Lundgren’s training may not always be regimented, but he stays consistent with it. Always has. This has obviously helped him land roles throughout the years, most of which have required him to be in shape and proficient at fighting, but Lundgren also credits his active lifestyle—not just the meditation—for improving his mental state.
“All the things I do in my training have helped me feel better and more fit but also more balanced,” he says. “And I think it’s helped me deal with a pretty tough business without getting lost in it. It’s paid dividends for me even in just the last year or two. When I moved back to L.A. and did the first Expendables, I started to put more of an emphasis on my training and meditation and focus a little more on my career. But it takes a while for things to develop. You have to do the roles, and then the movies have to be edited and put out there, and people have to see them. So there’s, like, a two-year or more delay before it gets out there in the ether. I’m feeling good about it now, and people are catching up to it a little more. It gives me a grounded feeling.”
At 57, Lundgren is by no means the old man of Hollywood. Stallone is 68, Schwarzenegger, 67. Lundgren looks forward to having many productive years left in him as an actor, writer, producer, and director. He cites Morgan Freeman and Clint Eastwood as two other Hollywood stars doing some of their best work in middle age and beyond, and he hopes to fall into that category. But as much as he looks to a bright future, he can’t help but look back at himself 30 years ago as Ivan Drago, the role that launched a career still going strong through stints in Europe, Asia, America, and places in-between.

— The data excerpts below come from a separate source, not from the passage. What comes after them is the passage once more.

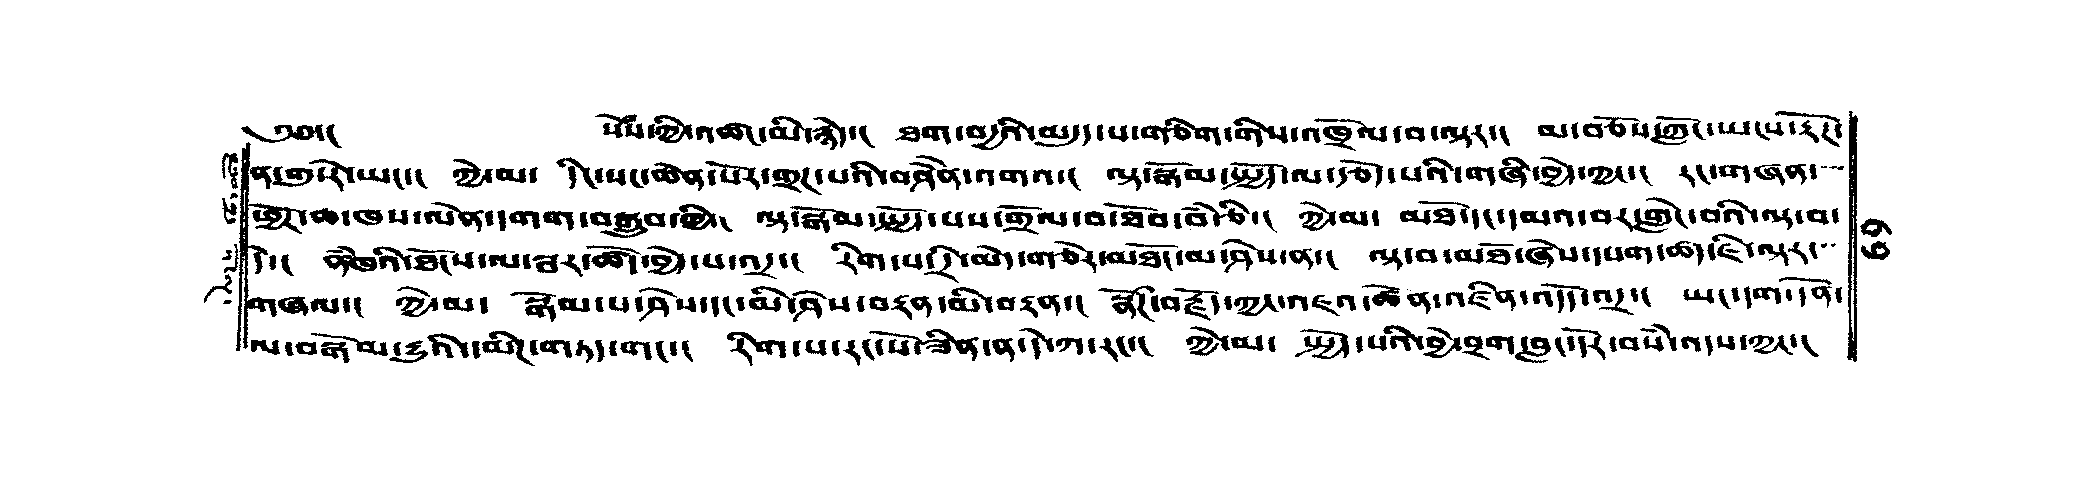སེམས་ཀྱི་འཚང་མི་རྙེད། །ཐག་བརྒྱའི་མདུད་པ་གཅིག་གིས་འཁྲོལ་བ་ལྟར། །མ་བཅོས་ཀློང་ཡངས་རྟོགས་
ན་གུ་རེ་ཡངས། ཀྱེ་མ། དིང་སང་ཆེན་པོར་གྲགས་པའི་བཤེས་གཉེན་འགའ། །ལྟ་སྒོམ་སྤྱོད་ལ་རྩོད་པའི་གཞི་བྱེད་ཀྱང་། །རང་གཞན་
ཕྱོགས་ཆ་ཁས་ལེན་དགག་སྒྲུབ་ཀྱི། །ལྟ་སྒོམ་སྤྱོད་པས་གྲོལ་བ་ཐོབ་བམ་ཅི། ཀྱེ་མ། མཐོ་དང་དམའ་བར་གླེང་བའི་ལྟ་བ་
དེ། །ནམ་མཁའི་ཐོངས་ལ་སྦར་ཚོད་བྱེད་པ་འདྲ། །རིག་པ་དྲི་མེད་གཅེར་མཐོང་མ་ཤེས་ན། །ལྟ་བ་མཐོང་ཞེས་དཔག་ཚད་ཇི་ལྟར་
གཞལ། ཀྱེ་མ། སྒོམ་པ་ཤེས་དང་མི་ཤེས་བརྟན་མི་བརྟན། །སྣ་ཚོགས་བརྗོད་ཀྱང་འཇའ་ཚོན་འཛིན་འདོད་འདྲ། །ཡང་དག་དོན་
ལ་སྒོམ་རྒྱུའི་དམིགས་གཏད་གང་། །རིག་པ་རང་སོ་ཟིན་ན་དེ་ཀ་རང་། ཀྱེ་མ། སྤྱོད་པའི་བྱེ་བྲག་བླང་དོར་བསམ་འདས་ཀྱང་། །

When asked what he sees when he looks at the 30-year-old photos of himself in Rocky IV, Lundgren says, “In painting they used to call it ‘the artist as a young man’—the artist always paints himself younger than he is. There’s a magic kind of energy there when I see pictures of myself as Drago. I see the innocence in my eyes. It’s like a boyishness that’s wonderful and beautiful, but I had to go through so much to get to where I am today. I wouldn’t want to do it again, so it’s a bittersweet experience. It’s like in meditation: You have to accept the impermanence of existence. Nothing is permanent. Everything blossoms and dies. So I think two things: I feel happy for having had the opportunity to be in the business and being in shape, and I’m glad I’m in shape now. I’m trying to squeeze as much out of it as I can. I want to keep acting and producing and directing and being fit…and being thankful that I’m still around.”